-- WORKING DATA --

—————

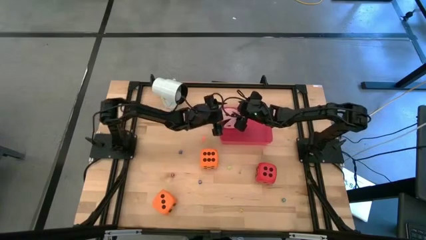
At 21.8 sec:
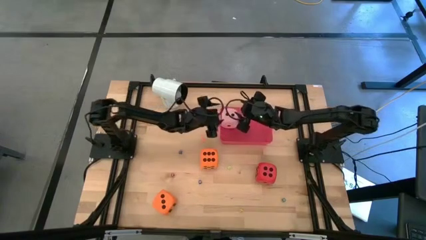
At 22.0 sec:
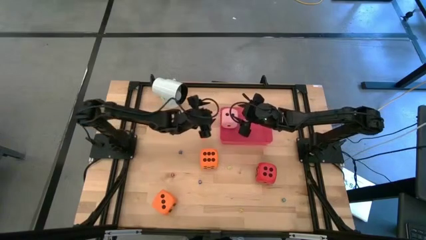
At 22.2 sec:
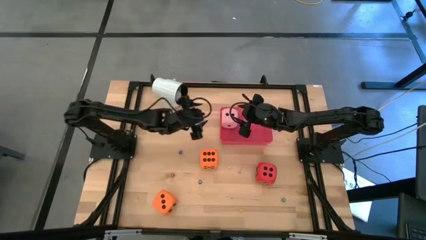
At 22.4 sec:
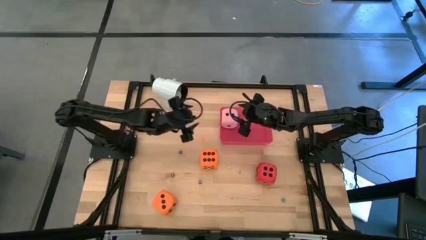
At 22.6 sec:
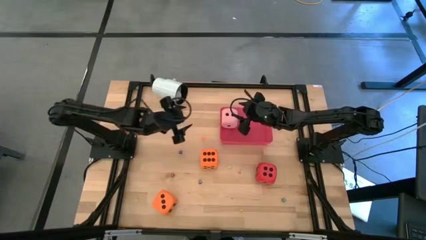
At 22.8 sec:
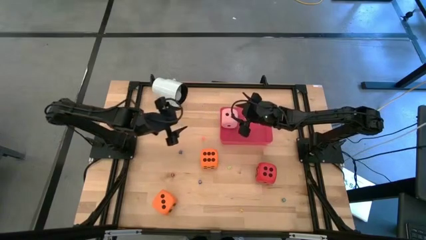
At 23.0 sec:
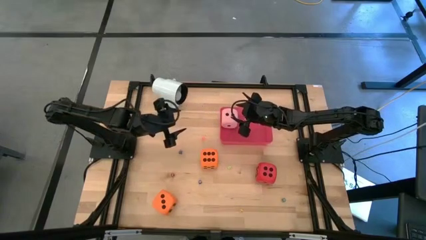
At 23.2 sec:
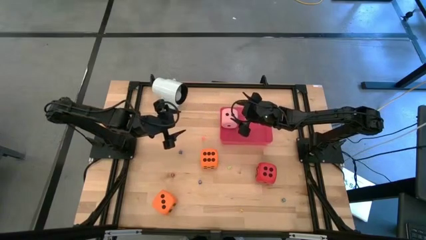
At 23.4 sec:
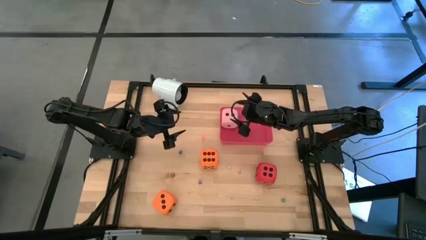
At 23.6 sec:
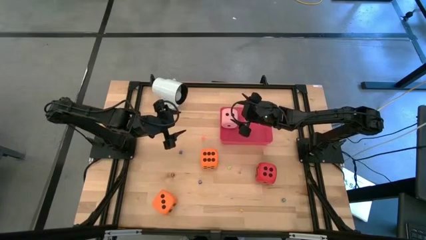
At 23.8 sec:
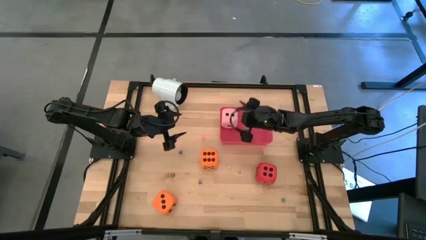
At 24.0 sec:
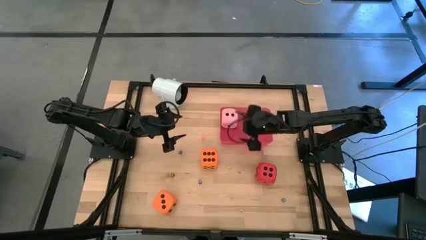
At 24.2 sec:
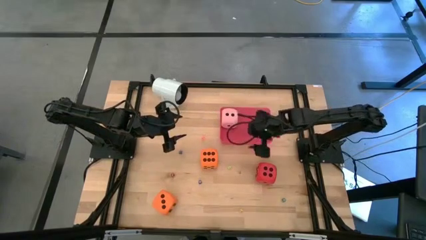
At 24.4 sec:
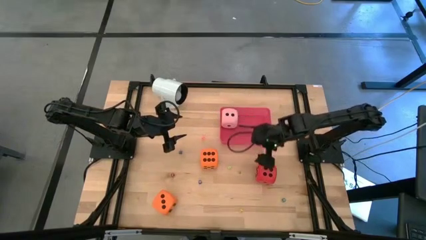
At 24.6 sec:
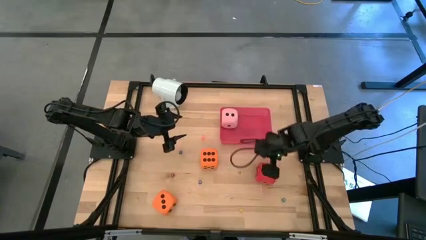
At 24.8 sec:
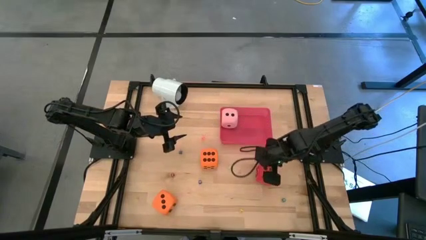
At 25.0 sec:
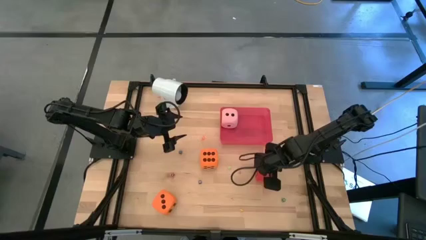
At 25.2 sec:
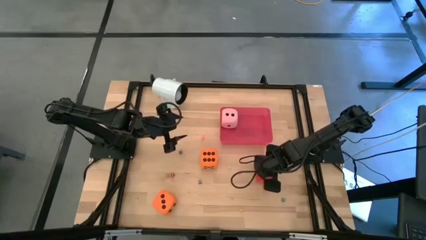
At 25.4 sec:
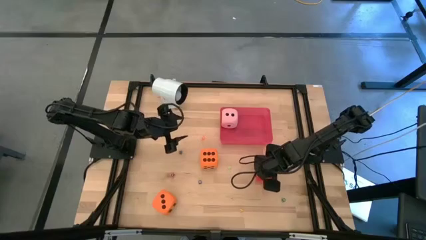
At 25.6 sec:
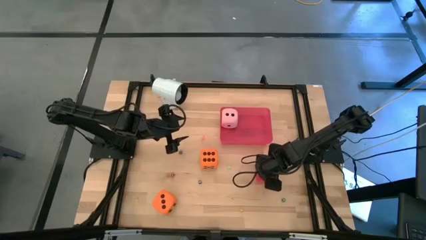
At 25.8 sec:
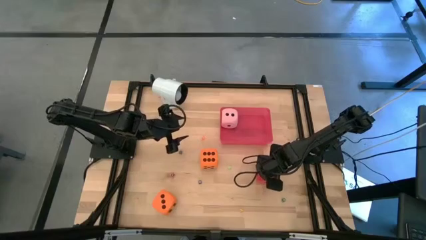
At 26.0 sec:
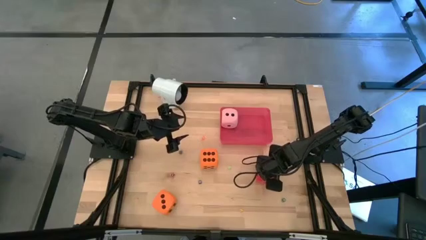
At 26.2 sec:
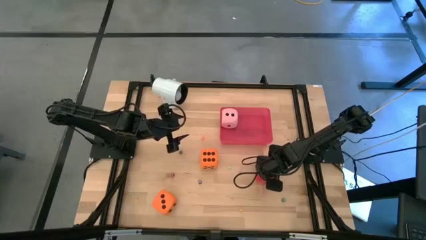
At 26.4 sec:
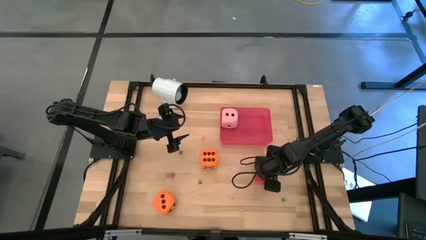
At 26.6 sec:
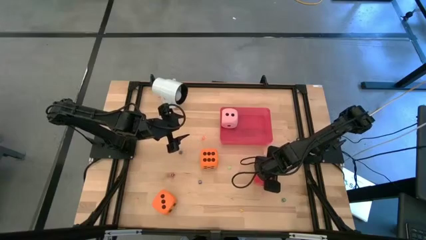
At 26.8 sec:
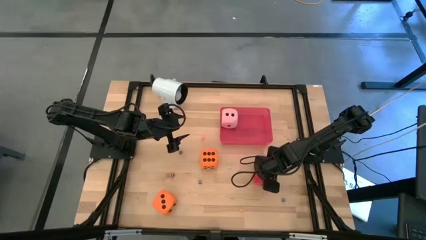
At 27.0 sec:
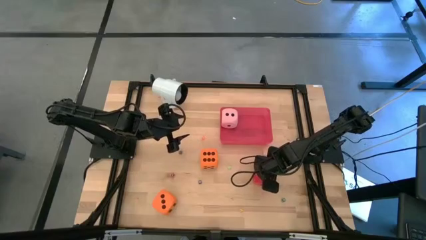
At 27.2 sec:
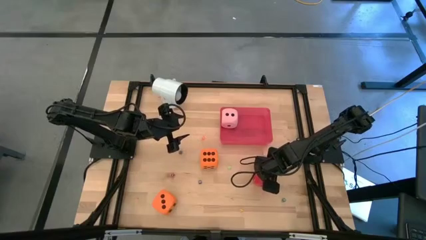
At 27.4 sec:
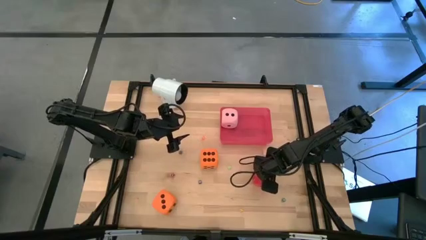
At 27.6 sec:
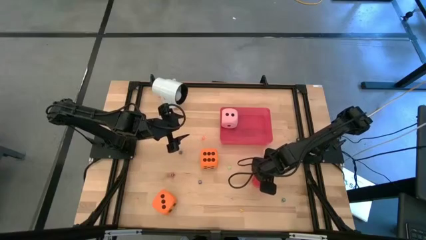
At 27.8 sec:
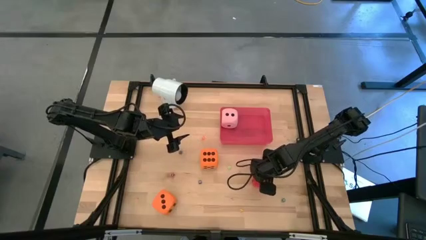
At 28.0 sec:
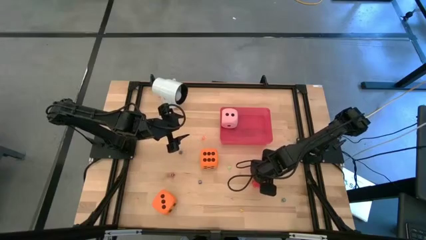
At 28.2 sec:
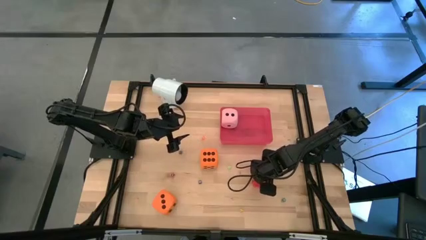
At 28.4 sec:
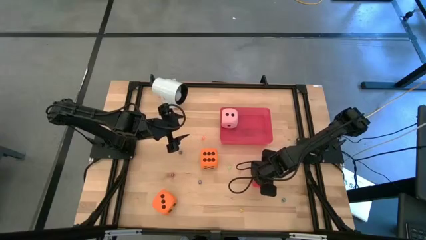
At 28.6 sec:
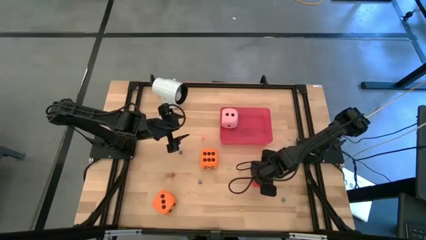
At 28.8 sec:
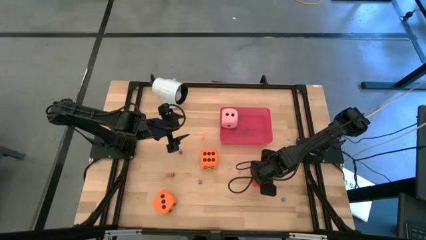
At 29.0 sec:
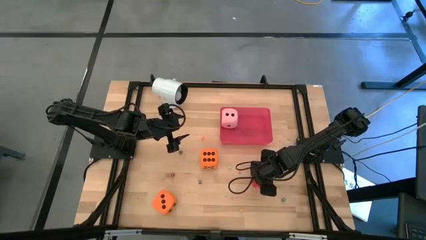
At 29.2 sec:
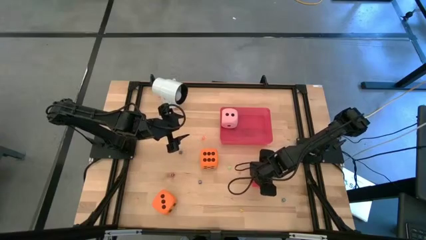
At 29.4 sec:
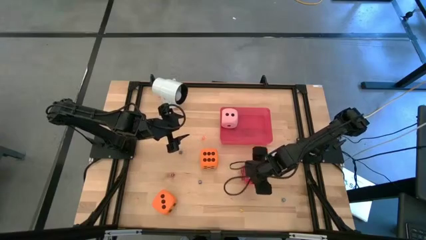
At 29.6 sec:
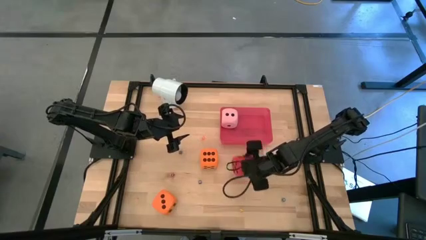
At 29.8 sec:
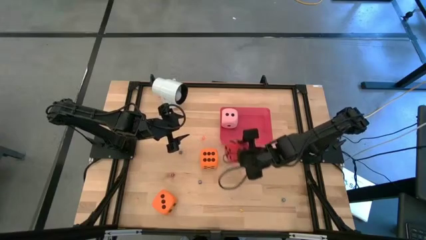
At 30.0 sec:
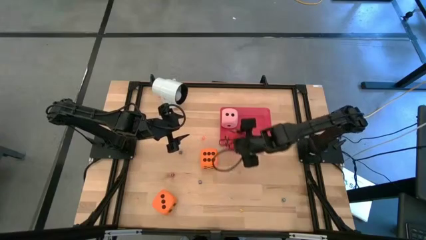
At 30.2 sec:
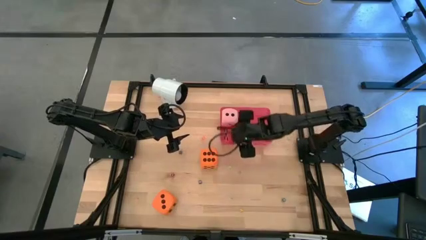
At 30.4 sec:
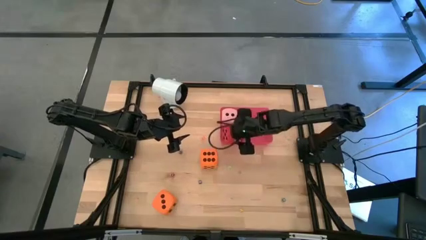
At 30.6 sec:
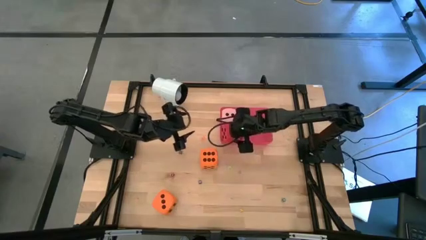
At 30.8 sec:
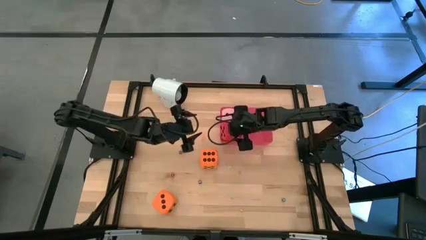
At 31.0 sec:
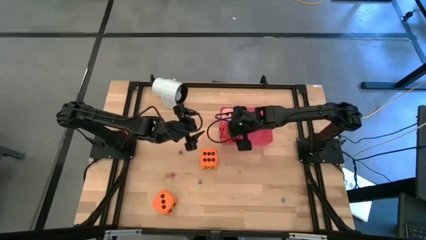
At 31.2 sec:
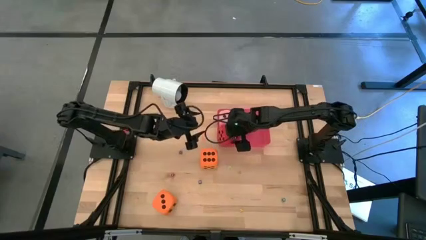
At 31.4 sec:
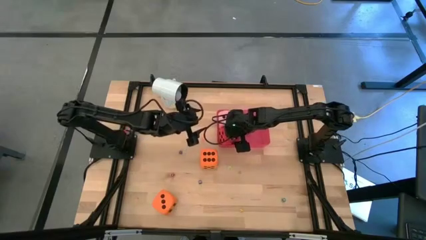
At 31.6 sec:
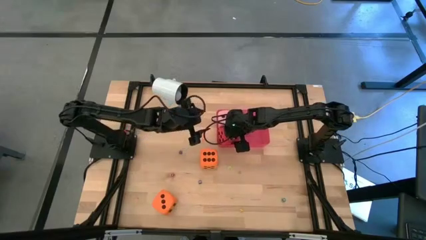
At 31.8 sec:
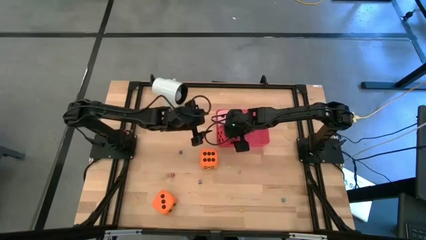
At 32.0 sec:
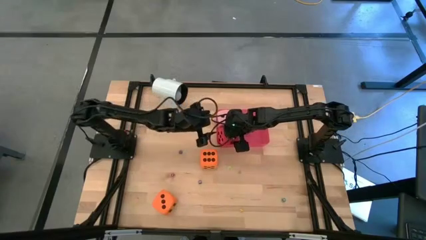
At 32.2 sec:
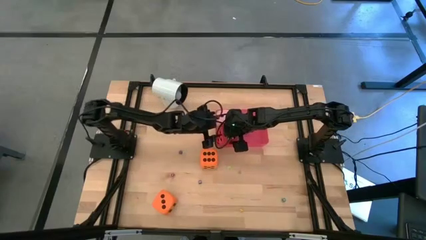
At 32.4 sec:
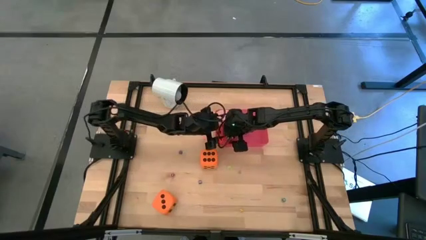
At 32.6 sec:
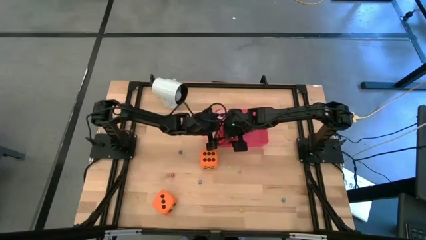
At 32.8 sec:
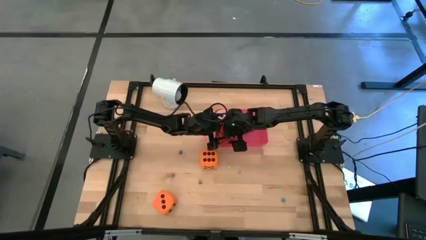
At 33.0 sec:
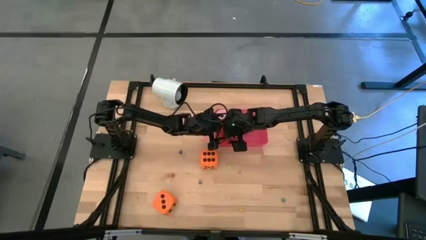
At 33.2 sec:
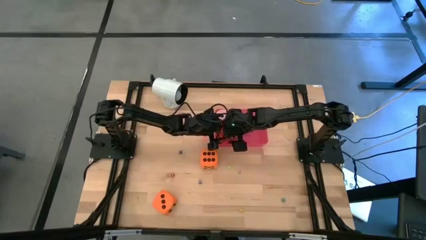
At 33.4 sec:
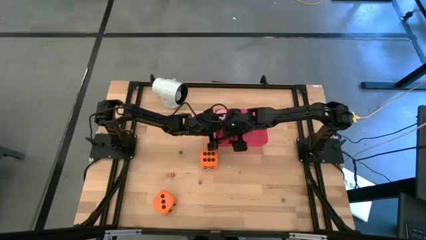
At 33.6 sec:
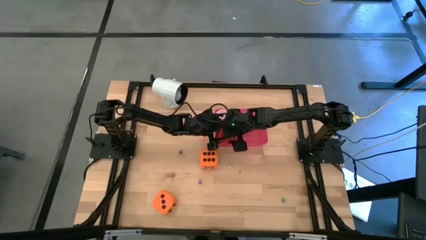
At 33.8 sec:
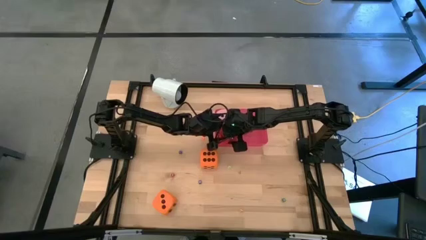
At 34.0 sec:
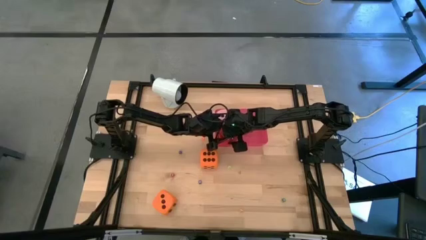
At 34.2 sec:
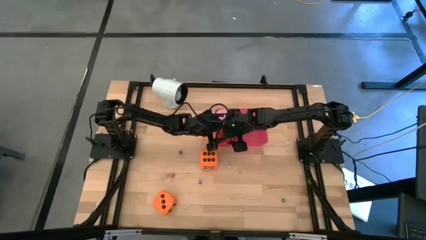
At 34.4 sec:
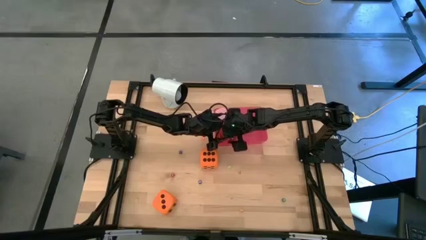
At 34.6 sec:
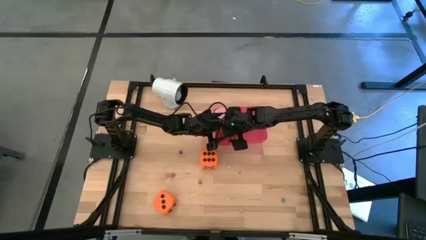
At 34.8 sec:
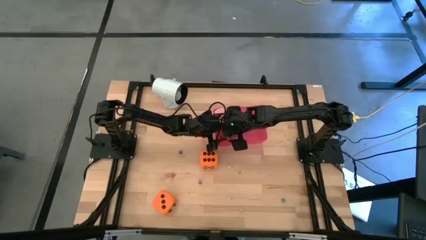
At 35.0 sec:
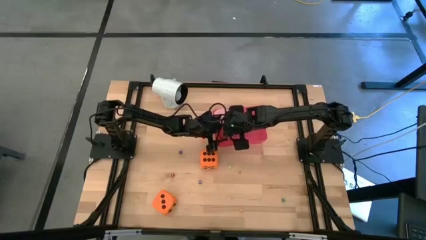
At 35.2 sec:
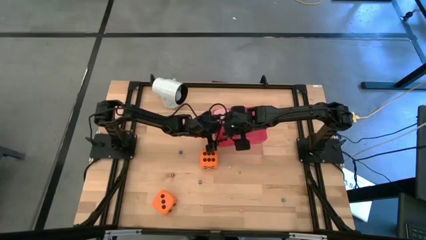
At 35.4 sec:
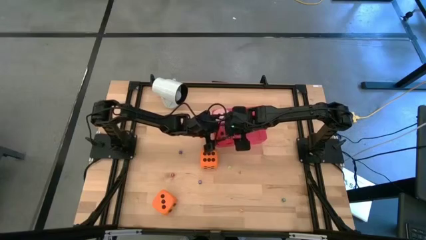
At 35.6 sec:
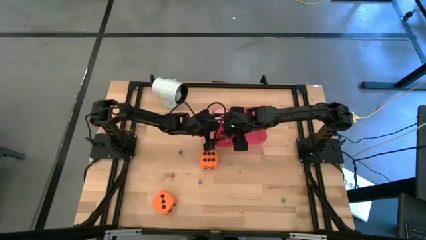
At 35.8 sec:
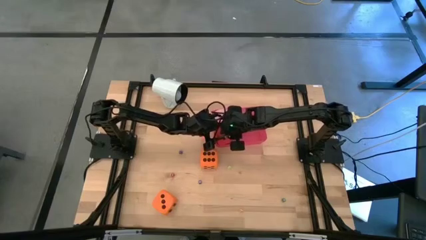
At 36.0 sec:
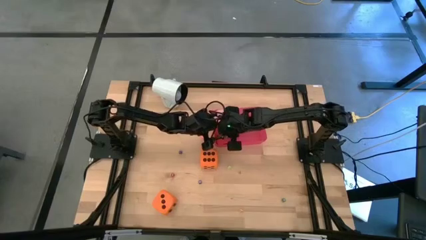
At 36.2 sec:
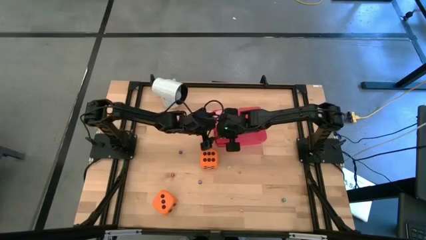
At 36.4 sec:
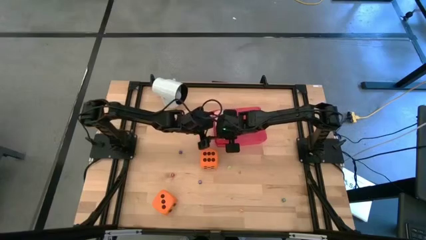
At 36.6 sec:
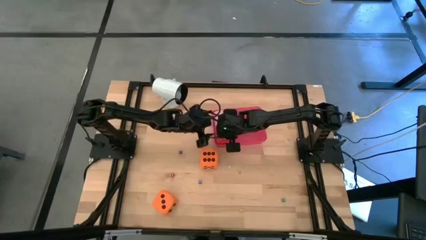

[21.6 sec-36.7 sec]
Task: Pick & Place Dice
Put the big red dice into the red bin

—————

-- PROBLEM REQUIREMENTS --
Set down the data exactly as it appears, without any images.

-- TASK RESULT --
At 21.8 sec:
At 22.0 sec:
At 22.2 sec:
At 22.4 sec:
At 22.6 sec:
At 22.8 sec:
At 23.0 sec:
At 23.2 sec:
At 23.4 sec:
At 23.6 sec:
At 23.8 sec:
At 24.0 sec:
At 24.2 sec:
At 24.4 sec:
At 24.6 sec:
At 24.8 sec:
At 25.0 sec:
At 25.2 sec:
At 25.4 sec:
At 25.6 sec:
At 25.8 sec:
At 26.0 sec:
At 26.2 sec:
At 26.4 sec:
At 26.6 sec:
At 26.8 sec:
At 27.0 sec:
At 27.2 sec:
At 27.4 sec:
At 27.6 sec:
At 27.8 sec:
At 28.0 sec:
At 28.2 sec:
At 28.4 sec:
At 28.6 sec:
At 28.8 sec:
At 29.0 sec:
At 29.2 sec:
At 29.4 sec:
At 29.6 sec:
At 29.8 sec:
At 30.0 sec:
At 30.2 sec:
At 30.4 sec:
At 30.6 sec:
At 30.8 sec:
At 31.0 sec:
At 31.2 sec:
At 31.4 sec:
At 31.6 sec:
At 31.8 sec:
At 32.0 sec:
At 32.2 sec:
At 32.4 sec:
At 32.6 sec:
At 32.8 sec:
At 33.0 sec:
At 33.2 sec:
At 33.4 sec:
At 33.6 sec:
At 33.8 sec:
At 34.0 sec:
At 34.2 sec:
At 34.4 sec:
At 34.6 sec:
At 34.8 sec:
At 35.0 sec:
At 35.2 sec:
At 35.4 sec:
At 35.6 sec:
At 35.8 sec:
At 36.0 sec:
At 36.2 sec:
At 36.4 sec:
At 36.6 sec:

[21.6 sec-36.7 sec]
Task: Pick & Place Dice
Put the big red dice into the red bin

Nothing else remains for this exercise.